Od wielu miesięcy patrzyła jak się męczy. Codziennie do późna przesiadywał
w garażu. Podziwiała go za jego cierpliwość - nigdy sie nie skarżył, a
wręcz starał się zawsze wyglądać na zadowolonego z siebie i swojego
samochodu. Ale jej kobieca intuicja podpowiadała, że to wszystko jest
wymuszone i sztuczne. Wydawało jej się, że patrzy z zazdrością na sąsiadów
i znajomych jeżdżących autami z salonu, siedzących wieczorami przy grillu
z
rodziną... gdy on znów rozbierał silnik... Pewnej nocy, gdy pracował do
późna w garażu podjęła ostateczną decyzję...

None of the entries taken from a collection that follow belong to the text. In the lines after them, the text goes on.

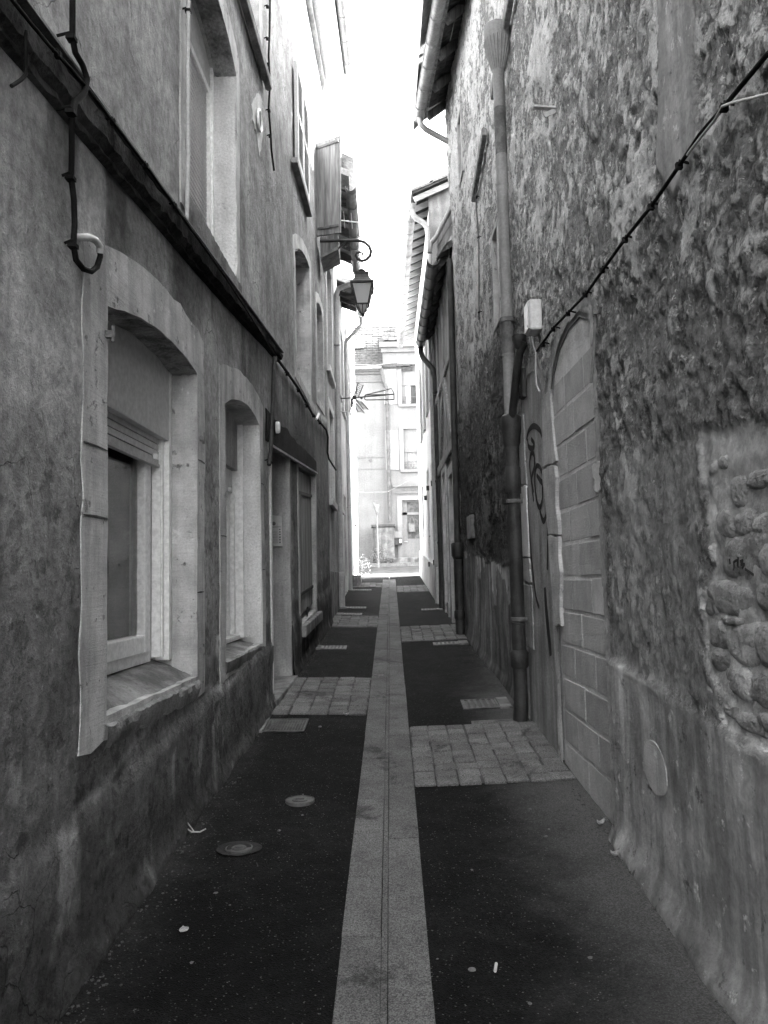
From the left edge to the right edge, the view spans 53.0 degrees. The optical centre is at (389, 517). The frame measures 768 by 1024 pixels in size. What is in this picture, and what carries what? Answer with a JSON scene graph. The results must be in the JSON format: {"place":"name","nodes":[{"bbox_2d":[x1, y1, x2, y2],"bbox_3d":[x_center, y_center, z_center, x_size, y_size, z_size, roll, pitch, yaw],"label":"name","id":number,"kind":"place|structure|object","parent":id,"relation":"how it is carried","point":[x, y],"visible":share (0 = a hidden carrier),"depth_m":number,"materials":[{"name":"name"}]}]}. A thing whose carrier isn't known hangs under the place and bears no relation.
{"place":"outdoors","nodes":[
{"label":"outdoors","id":0,"kind":"place"},
{"bbox_2d":[355,356,414,365],"bbox_3d":[0.083,-5.125,24.486,3.037,0.556,0.024,-1,-5,0],"label":"wire","id":1,"kind":"object","parent":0,"point":[384,363],"visible":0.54,"depth_m":24.46,"materials":[{"name":"grey paint"}]},
{"bbox_2d":[322,0,447,324],"label":"sky","id":2,"kind":"structure","parent":0,"point":[372,111],"materials":[{"name":"white"}]},
{"bbox_2d":[357,476,417,492],"bbox_3d":[-0.075,-1.146,24.169,2.687,0.681,0.020,-1,-5,0],"label":"wire","id":3,"kind":"object","parent":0,"point":[390,490],"visible":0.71,"depth_m":24.14,"materials":[{"name":"grey paint"}]},
{"bbox_2d":[358,562,419,566],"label":"pavement","id":4,"kind":"structure","parent":0,"point":[381,564],"depth_m":25.16,"materials":[{"name":"grey concrete"}]},
{"bbox_2d":[367,548,389,562],"bbox_3d":[-0.380,1.278,25.486,0.770,0.642,0.538,-1,-5,0],"label":"plant","id":5,"kind":"object","parent":4,"relation":"on","point":[381,559],"visible":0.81,"depth_m":25.45,"materials":[{"name":"grey plant"}]},
{"bbox_2d":[371,524,394,562],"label":"pier","id":6,"kind":"structure","parent":4,"relation":"on","point":[386,536],"depth_m":25.77,"materials":[{"name":"stone"}]},
{"bbox_2d":[359,566,419,576],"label":"street","id":7,"kind":"structure","parent":0,"point":[389,571],"depth_m":22.70,"materials":[{"name":"white asphalt"}]},
{"bbox_2d":[358,554,371,574],"bbox_3d":[-0.732,1.296,21.469,0.432,0.604,0.322,-3,-5,21],"label":"plant","id":8,"kind":"object","parent":7,"relation":"on","point":[361,562],"visible":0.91,"depth_m":21.44,"materials":[{"name":"grey plant"}]},
{"bbox_2d":[372,502,380,566],"bbox_3d":[-0.421,0.545,24.595,0.065,2.064,0.500,-4,-5,32],"label":"give way sign","id":9,"kind":"object","parent":7,"relation":"on","point":[376,506],"visible":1,"depth_m":24.61,"materials":[{"name":"white metal"}]},
{"bbox_2d":[57,575,735,1023],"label":"lane","id":10,"kind":"structure","parent":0,"point":[531,909],"depth_m":3.18,"materials":[{"name":"black asphalt"}]},
{"bbox_2d":[179,926,188,931],"bbox_3d":[-0.795,1.587,2.974,0.035,0.016,0.047,-1,-5,1],"label":"stone chip","id":11,"kind":"object","parent":10,"relation":"on","point":[183,929],"visible":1,"depth_m":2.96,"materials":[{"name":"white stone"}]},
{"bbox_2d":[188,823,205,832],"bbox_3d":[-0.987,1.565,3.896,0.110,0.049,0.032,-1,-5,0],"label":"dry twig","id":12,"kind":"object","parent":10,"relation":"on","point":[192,831],"visible":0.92,"depth_m":3.89,"materials":[{"name":"grey wood"}]},
{"bbox_2d":[216,841,261,855],"bbox_3d":[-0.722,1.593,3.699,0.219,0.032,0.161,-1,-5,0],"label":"valve cover","id":13,"kind":"object","parent":10,"relation":"on","point":[236,848],"visible":1,"depth_m":3.69,"materials":[{"name":"metal"}]},
{"bbox_2d":[259,718,308,732],"bbox_3d":[-0.821,1.596,5.898,0.365,0.075,0.370,-1,-5,0],"label":"drain cover","id":14,"kind":"object","parent":10,"relation":"on","point":[286,725],"visible":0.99,"depth_m":5.87,"materials":[{"name":"metal"}]},
{"bbox_2d":[285,795,314,806],"bbox_3d":[-0.506,1.593,4.333,0.164,0.032,0.164,-1,-5,0],"label":"valve cover","id":15,"kind":"object","parent":10,"relation":"on","point":[300,800],"visible":0.99,"depth_m":4.30,"materials":[{"name":"metal"}]},
{"bbox_2d":[288,678,370,713],"bbox_3d":[-0.585,1.589,6.947,0.797,0.133,1.420,-1,-5,0],"label":"sett bedding","id":16,"kind":"object","parent":10,"relation":"on","point":[311,705],"visible":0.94,"depth_m":6.74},
{"bbox_2d":[272,677,370,714],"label":"sett paving","id":17,"kind":"structure","parent":16,"relation":"on","point":[359,694],"depth_m":6.80,"materials":[{"name":"stone"}]},
{"bbox_2d":[316,645,346,649],"bbox_3d":[-0.734,1.596,9.444,0.400,0.067,0.260,-1,-5,0],"label":"drain grate","id":18,"kind":"object","parent":10,"relation":"on","point":[331,647],"visible":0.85,"depth_m":9.42,"materials":[{"name":"metal"}]},
{"bbox_2d":[336,613,361,614],"bbox_3d":[-0.673,1.596,12.735,0.420,0.064,0.220,-1,-5,0],"label":"drain grate","id":19,"kind":"object","parent":10,"relation":"on","point":[349,614],"visible":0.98,"depth_m":12.63,"materials":[{"name":"metal"}]},
{"bbox_2d":[339,606,365,608],"bbox_3d":[-0.658,1.596,13.647,0.470,0.067,0.240,-1,-5,0],"label":"drain grate","id":20,"kind":"object","parent":10,"relation":"on","point":[345,607],"visible":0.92,"depth_m":13.57,"materials":[{"name":"metal"}]},
{"bbox_2d":[349,589,370,590],"bbox_3d":[-0.653,1.596,17.003,0.480,0.070,0.270,-1,-5,0],"label":"drain grate","id":21,"kind":"object","parent":10,"relation":"on","point":[360,590],"visible":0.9,"depth_m":16.88,"materials":[{"name":"metal"}]},
{"bbox_2d":[332,577,435,1023],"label":"drain strip","id":22,"kind":"object","parent":10,"relation":"on","point":[362,972],"visible":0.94,"depth_m":3.38,"materials":[{"name":"stone"}]},
{"bbox_2d":[60,623,730,1023],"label":"grit","id":23,"kind":"object","parent":10,"relation":"on","point":[240,777],"visible":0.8,"depth_m":3.19,"materials":[{"name":"gravel"}]},
{"bbox_2d":[421,608,442,610],"bbox_3d":[0.716,1.562,13.116,0.360,0.063,0.220,-1,-5,0],"label":"drain grate","id":24,"kind":"object","parent":10,"relation":"on","point":[427,609],"visible":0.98,"depth_m":13.08,"materials":[{"name":"metal"}]},
{"bbox_2d":[400,624,466,641],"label":"sett paving","id":25,"kind":"structure","parent":10,"relation":"on","point":[436,630],"depth_m":10.38,"materials":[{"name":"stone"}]},
{"bbox_2d":[433,640,468,645],"bbox_3d":[0.751,1.560,9.550,0.430,0.064,0.210,-1,-5,0],"label":"drain grate","id":26,"kind":"object","parent":10,"relation":"on","point":[462,642],"visible":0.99,"depth_m":9.53,"materials":[{"name":"metal"}]},
{"bbox_2d":[460,697,511,709],"bbox_3d":[0.798,1.558,6.430,0.395,0.073,0.330,-1,-5,0],"label":"drain grate","id":27,"kind":"object","parent":10,"relation":"on","point":[490,703],"visible":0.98,"depth_m":6.41,"materials":[{"name":"metal"}]},
{"bbox_2d":[409,721,575,786],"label":"sett paving","id":28,"kind":"structure","parent":10,"relation":"on","point":[441,755],"depth_m":5.02,"materials":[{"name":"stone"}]},
{"bbox_2d":[471,719,522,732],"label":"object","id":29,"kind":"object","parent":28,"relation":"on","point":[481,722],"visible":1,"depth_m":5.84,"materials":[{"name":"metal"}]},
{"bbox_2d":[494,962,497,972],"bbox_3d":[0.369,1.569,2.688,0.011,0.015,0.046,-2,-5,13],"label":"cigarette butt","id":30,"kind":"object","parent":10,"relation":"on","point":[495,967],"visible":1,"depth_m":2.68,"materials":[{"name":"paper"}]},
{"bbox_2d":[597,818,604,824],"bbox_3d":[1.060,1.525,3.871,0.038,0.033,0.038,-3,-5,23],"label":"dry leaf","id":31,"kind":"object","parent":10,"relation":"on","point":[600,822],"visible":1,"depth_m":3.87,"materials":[{"name":"plant"}]},
{"bbox_2d":[610,848,619,855],"bbox_3d":[1.031,1.524,3.515,0.047,0.037,0.042,-2,-5,13],"label":"dry leaf","id":32,"kind":"object","parent":10,"relation":"on","point":[615,853],"visible":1,"depth_m":3.51,"materials":[{"name":"plant"}]},
{"bbox_2d":[468,967,475,971],"bbox_3d":[0.286,1.576,2.688,0.028,0.004,0.027,-1,-5,0],"label":"bottle cap","id":33,"kind":"object","parent":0,"point":[471,969],"visible":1,"depth_m":2.68,"materials":[{"name":"metal"}]},
{"bbox_3d":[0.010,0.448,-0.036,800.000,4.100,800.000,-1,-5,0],"label":"ground","id":34,"kind":"structure","parent":0,"visible":0},
{"bbox_2d":[0,0,353,1023],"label":"house","id":35,"kind":"structure","parent":34,"relation":"on","point":[160,594],"depth_m":3.75,"materials":[{"name":"grey paint"}]},
{"bbox_2d":[9,30,27,87],"bbox_3d":[-1.109,-1.373,2.305,0.015,0.232,0.090,-1,-5,2],"label":"cable","id":36,"kind":"object","parent":35,"relation":"attached to","point":[22,78],"visible":1,"depth_m":2.34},
{"bbox_2d":[56,0,89,117],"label":"cable","id":37,"kind":"object","parent":35,"relation":"attached to","point":[72,40],"visible":1,"depth_m":2.62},
{"bbox_2d":[61,117,102,273],"bbox_3d":[-1.131,-1.163,2.840,0.050,0.542,0.289,-1,-5,0],"label":"cable","id":38,"kind":"object","parent":35,"relation":"attached to","point":[71,243],"visible":0.95,"depth_m":2.73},
{"bbox_2d":[77,233,102,253],"bbox_3d":[-1.122,-1.035,2.884,0.047,0.058,0.173,-2,-5,12],"label":"conduit","id":39,"kind":"object","parent":35,"relation":"attached to","point":[96,241],"visible":0.89,"depth_m":2.87,"materials":[{"name":"white plastic"}]},
{"bbox_2d":[107,321,171,674],"bbox_3d":[-1.320,-0.121,3.690,0.156,1.710,1.296,-1,-5,1],"label":"window","id":40,"kind":"structure","parent":35,"relation":"in","point":[139,400],"depth_m":4.00,"materials":[{"name":"grey plastic"}]},
{"bbox_2d":[10,0,275,356],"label":"cable","id":41,"kind":"object","parent":35,"relation":"attached to","point":[57,54],"visible":0.91,"depth_m":3.02,"materials":[{"name":"black rubber"}]},
{"bbox_2d":[182,0,191,219],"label":"conduit","id":42,"kind":"object","parent":35,"relation":"attached to","point":[187,10],"visible":0.91,"depth_m":4.23,"materials":[{"name":"grey paint"}]},
{"bbox_2d":[190,2,214,238],"bbox_3d":[-1.335,-2.653,4.966,0.085,1.740,1.274,-1,-5,1],"label":"window","id":43,"kind":"structure","parent":35,"relation":"in","point":[201,74],"depth_m":5.38,"materials":[{"name":"grey plastic"}]},
{"bbox_2d":[225,407,243,643],"bbox_3d":[-1.277,0.007,5.619,0.170,1.820,1.162,-1,-5,1],"label":"window","id":44,"kind":"structure","parent":35,"relation":"in","point":[234,432],"depth_m":6.11,"materials":[{"name":"grey paint"}]},
{"bbox_2d":[264,0,274,170],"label":"cable","id":45,"kind":"object","parent":35,"relation":"attached to","point":[268,65],"visible":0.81,"depth_m":7.02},
{"bbox_2d":[265,355,276,465],"bbox_3d":[-1.029,-0.937,6.618,0.077,1.043,0.385,-1,-5,0],"label":"cable duct","id":46,"kind":"object","parent":35,"relation":"attached to","point":[271,427],"visible":0.96,"depth_m":6.61,"materials":[{"name":"metal"}]},
{"bbox_2d":[272,515,282,546],"bbox_3d":[-1.190,0.131,7.735,0.222,0.316,0.053,-1,-5,0],"label":"entry panel","id":47,"kind":"object","parent":35,"relation":"attached to","point":[277,523],"visible":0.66,"depth_m":7.72,"materials":[{"name":"metal"}]},
{"bbox_2d":[275,422,279,433],"bbox_3d":[-1.032,-0.825,7.019,0.061,0.110,0.070,-1,-5,0],"label":"wall cap","id":48,"kind":"object","parent":35,"relation":"attached to","point":[277,426],"visible":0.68,"depth_m":6.99,"materials":[{"name":"white plastic"}]},
{"bbox_2d":[276,355,336,470],"bbox_3d":[-0.976,-1.222,9.880,0.050,0.421,5.817,-1,-5,1],"label":"cable","id":49,"kind":"object","parent":35,"relation":"attached to","point":[298,389],"visible":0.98,"depth_m":9.15,"materials":[{"name":"black rubber"}]},
{"bbox_2d":[320,239,373,316],"bbox_3d":[-0.606,-3.402,10.907,0.754,1.144,0.330,-1,-5,0],"label":"street lantern","id":50,"kind":"object","parent":35,"relation":"attached to","point":[362,286],"visible":1,"depth_m":10.81,"materials":[{"name":"metal"}]},
{"bbox_2d":[325,167,360,618],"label":"house","id":51,"kind":"structure","parent":34,"relation":"on","point":[347,255],"depth_m":13.45,"materials":[{"name":"grey paint"}]},
{"bbox_2d":[341,212,374,229],"bbox_3d":[-0.514,-4.551,11.791,0.568,0.199,0.226,-1,-5,0],"label":"tv aerial","id":52,"kind":"object","parent":51,"relation":"attached to","point":[357,222],"visible":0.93,"depth_m":11.79,"materials":[{"name":"white metal"}]},
{"bbox_2d":[333,266,364,594],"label":"house","id":53,"kind":"structure","parent":34,"relation":"on","point":[346,300],"depth_m":16.93,"materials":[{"name":"grey paint"}]},
{"bbox_2d":[341,382,394,412],"bbox_3d":[-0.498,-2.279,14.658,1.171,0.604,0.318,-1,-5,0],"label":"tv aerial","id":54,"kind":"object","parent":53,"relation":"attached to","point":[353,397],"visible":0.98,"depth_m":14.62,"materials":[{"name":"grey paint"}]},
{"bbox_2d":[337,152,361,585],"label":"house","id":55,"kind":"structure","parent":34,"relation":"on","point":[344,269],"depth_m":20.06,"materials":[{"name":"grey paint"}]},
{"bbox_2d":[354,324,419,562],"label":"house","id":56,"kind":"structure","parent":34,"relation":"on","point":[386,448],"depth_m":26.55,"materials":[{"name":"paint"}]},
{"bbox_2d":[354,342,363,348],"bbox_3d":[-1.294,-6.252,28.090,0.700,0.240,0.400,-1,-5,0],"label":"roof window","id":57,"kind":"structure","parent":56,"relation":"in","point":[357,345],"depth_m":27.89,"materials":[{"name":"glass"}]},
{"bbox_2d":[394,531,401,544],"bbox_3d":[0.236,0.682,26.073,0.348,0.465,0.290,-1,-5,0],"label":"letter box","id":58,"kind":"object","parent":56,"relation":"attached to","point":[397,537],"visible":0.74,"depth_m":25.93,"materials":[{"name":"white paint"}]},
{"bbox_2d":[401,365,416,403],"bbox_3d":[0.696,-4.616,26.832,0.591,1.400,0.120,-1,-5,0],"label":"window","id":59,"kind":"structure","parent":56,"relation":"in","point":[408,377],"depth_m":26.80,"materials":[{"name":"glass"}]},
{"bbox_2d":[403,429,417,468],"bbox_3d":[0.765,-2.361,26.631,0.598,1.416,0.079,-1,-5,0],"label":"window","id":60,"kind":"structure","parent":56,"relation":"in","point":[410,440],"depth_m":26.62,"materials":[{"name":"white glass"}]},
{"bbox_2d":[402,500,419,557],"bbox_3d":[0.754,0.376,26.390,0.666,1.974,0.165,-1,-5,0],"label":"door","id":61,"kind":"structure","parent":56,"relation":"in","point":[411,540],"depth_m":26.43,"materials":[{"name":"white paint"}]},
{"bbox_2d":[408,515,415,531],"bbox_3d":[0.744,0.188,26.370,0.250,0.598,0.076,-1,-5,0],"label":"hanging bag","id":62,"kind":"object","parent":56,"relation":"hanging from","point":[411,527],"visible":1,"depth_m":26.33,"materials":[{"name":"plastic"}]},
{"bbox_2d":[397,173,451,603],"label":"house","id":63,"kind":"structure","parent":34,"relation":"on","point":[427,206],"depth_m":16.18,"materials":[{"name":"grey paint"}]},
{"bbox_2d":[415,203,461,624],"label":"house","id":64,"kind":"structure","parent":34,"relation":"on","point":[433,316],"depth_m":12.06,"materials":[{"name":"grey paint"}]},
{"bbox_2d":[413,0,767,1023],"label":"house","id":65,"kind":"structure","parent":34,"relation":"on","point":[651,450],"depth_m":3.42,"materials":[{"name":"grey stone"}]},
{"bbox_2d":[457,103,463,187],"bbox_3d":[1.033,-4.626,9.572,0.346,0.860,0.410,-1,-5,0],"label":"window","id":66,"kind":"structure","parent":65,"relation":"in","point":[459,121],"depth_m":9.71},
{"bbox_2d":[475,127,484,319],"bbox_3d":[0.924,-2.920,7.742,0.046,1.640,0.792,-1,-5,0],"label":"cable","id":67,"kind":"object","parent":65,"relation":"attached to","point":[478,236],"visible":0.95,"depth_m":8.01,"materials":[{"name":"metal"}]},
{"bbox_2d":[491,217,500,331],"bbox_3d":[1.126,-2.202,6.981,0.346,0.910,0.390,-1,-5,0],"label":"window","id":68,"kind":"structure","parent":65,"relation":"in","point":[494,236],"depth_m":7.11,"materials":[{"name":"wood"}]},
{"bbox_2d":[520,368,526,399],"bbox_3d":[1.004,-1.012,5.815,0.031,0.220,0.100,-1,-5,0],"label":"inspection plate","id":69,"kind":"object","parent":65,"relation":"attached to","point":[523,394],"visible":0.91,"depth_m":5.77,"materials":[{"name":"metal"}]},
{"bbox_2d":[524,299,541,335],"bbox_3d":[0.972,-1.364,5.244,0.099,0.210,0.160,-1,-5,0],"label":"junction box","id":70,"kind":"object","parent":65,"relation":"attached to","point":[532,317],"visible":1,"depth_m":5.17,"materials":[{"name":"white plastic"}]},
{"bbox_2d":[527,488,538,607],"bbox_3d":[1.053,0.212,5.672,0.005,0.909,0.298,-1,-5,0],"label":"graffiti","id":71,"kind":"object","parent":65,"relation":"attached to","point":[531,556],"visible":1,"depth_m":5.73,"materials":[{"name":"black paint"}]},
{"bbox_2d":[531,336,539,391],"bbox_3d":[0.997,-1.067,5.277,0.012,0.463,0.195,-1,-5,-1],"label":"conduit","id":72,"kind":"object","parent":65,"relation":"attached to","point":[535,363],"visible":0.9,"depth_m":5.26,"materials":[{"name":"paint"}]},
{"bbox_2d":[526,423,546,523],"bbox_3d":[1.044,-0.319,5.495,0.001,0.754,0.629,-1,-5,-1],"label":"graffiti","id":73,"kind":"object","parent":65,"relation":"attached to","point":[535,426],"visible":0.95,"depth_m":5.54,"materials":[{"name":"black paint"}]},
{"bbox_2d":[532,104,555,117],"bbox_3d":[0.939,-2.463,4.676,0.148,0.070,0.035,-1,-5,-8],"label":"iron bracket","id":74,"kind":"object","parent":65,"relation":"attached to","point":[550,110],"visible":1,"depth_m":4.67,"materials":[{"name":"grey metal"}]},
{"bbox_2d":[547,530,547,569],"bbox_3d":[1.060,0.184,5.191,0.001,0.340,0.089,-1,-5,0],"label":"graffiti","id":75,"kind":"object","parent":65,"relation":"attached to","point":[547,549],"visible":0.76,"depth_m":5.18,"materials":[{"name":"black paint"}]},
{"bbox_2d":[544,587,551,655],"bbox_3d":[1.070,0.703,5.227,0.003,0.468,0.170,-1,-5,0],"label":"graffiti","id":76,"kind":"object","parent":65,"relation":"attached to","point":[547,627],"visible":1,"depth_m":5.23,"materials":[{"name":"black paint"}]},
{"bbox_2d":[590,305,602,382],"bbox_3d":[1.018,-0.855,3.808,0.016,0.325,0.238,-1,-5,-1],"label":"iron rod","id":77,"kind":"object","parent":65,"relation":"attached to","point":[594,341],"visible":1,"depth_m":3.83,"materials":[{"name":"grey metal"}]},
{"bbox_2d":[536,50,767,351],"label":"cable","id":78,"kind":"object","parent":65,"relation":"attached to","point":[730,98],"visible":0.94,"depth_m":2.87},
{"bbox_2d":[643,740,667,795],"bbox_3d":[1.111,1.022,3.155,0.060,0.214,0.272,-1,-5,0],"label":"oval plate","id":79,"kind":"object","parent":65,"relation":"attached to","point":[655,768],"visible":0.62,"depth_m":3.15,"materials":[{"name":"metal"}]},
{"bbox_2d":[686,92,767,155],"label":"cable","id":80,"kind":"object","parent":65,"relation":"attached to","point":[718,114],"visible":1,"depth_m":2.34,"materials":[{"name":"paint"}]},
{"bbox_2d":[729,557,753,575],"bbox_3d":[1.085,0.150,2.379,0.002,0.061,0.159,-1,-5,0],"label":"stone inscription","id":81,"kind":"object","parent":65,"relation":"attached to","point":[742,564],"visible":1,"depth_m":2.38,"materials":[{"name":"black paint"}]},
{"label":"sett bedding","id":82,"kind":"structure","parent":0,"visible":0},
{"bbox_2d":[332,616,377,627],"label":"sett paving","id":83,"kind":"structure","parent":82,"relation":"on","point":[363,622],"depth_m":11.68,"materials":[{"name":"stone"}]},
{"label":"sett bedding","id":84,"kind":"structure","parent":0,"visible":0},
{"bbox_2d":[353,582,381,587],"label":"sett paving","id":85,"kind":"structure","parent":84,"relation":"on","point":[371,585],"depth_m":18.01,"materials":[{"name":"stone"}]},
{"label":"sett bedding","id":86,"kind":"structure","parent":0,"visible":0},
{"bbox_2d":[397,585,428,592],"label":"sett paving","id":87,"kind":"structure","parent":86,"relation":"on","point":[407,588],"depth_m":16.89,"materials":[{"name":"stone"}]}
]}

Wszystko miała dokładnie zaplanowane. Okazja pojawiła się, gdy wyjechał na
parę dni na delegację, służbowym samochodem. W jeden dzień załatwiła
kredyt
w banku i wizytę u dealera. Na drugi zamówiła lawetę. Teraz pozostało
tylko
czekać... a w garażu... taki nowiutki... błyszczący... musi mu się
spodobać...
Gdy przyjechał zaprowadziła go przed garaż, uroczystym ruchem otworzyła
drzwi...
- Gdzie mój zabytkowy ford mustang....... - jęknął tylko.
- Nooo... na złomie, tam gdzie jego miejsce, już nie będzie cię
denerwować,
cieszysz się kochanie??
Po pierwszym ciosie zadanym kluczem do kół zdążyła resztką świadomości
pomyśleć: "A może Renault Clio to nie był dobry wybór.. może Toyota...".
Pozostałych dwudziestu sześciu ciosow lewarem już nie czuła...
Tego dnia miarka się przebrała. Krystyna postanowiła z sobą skończyć.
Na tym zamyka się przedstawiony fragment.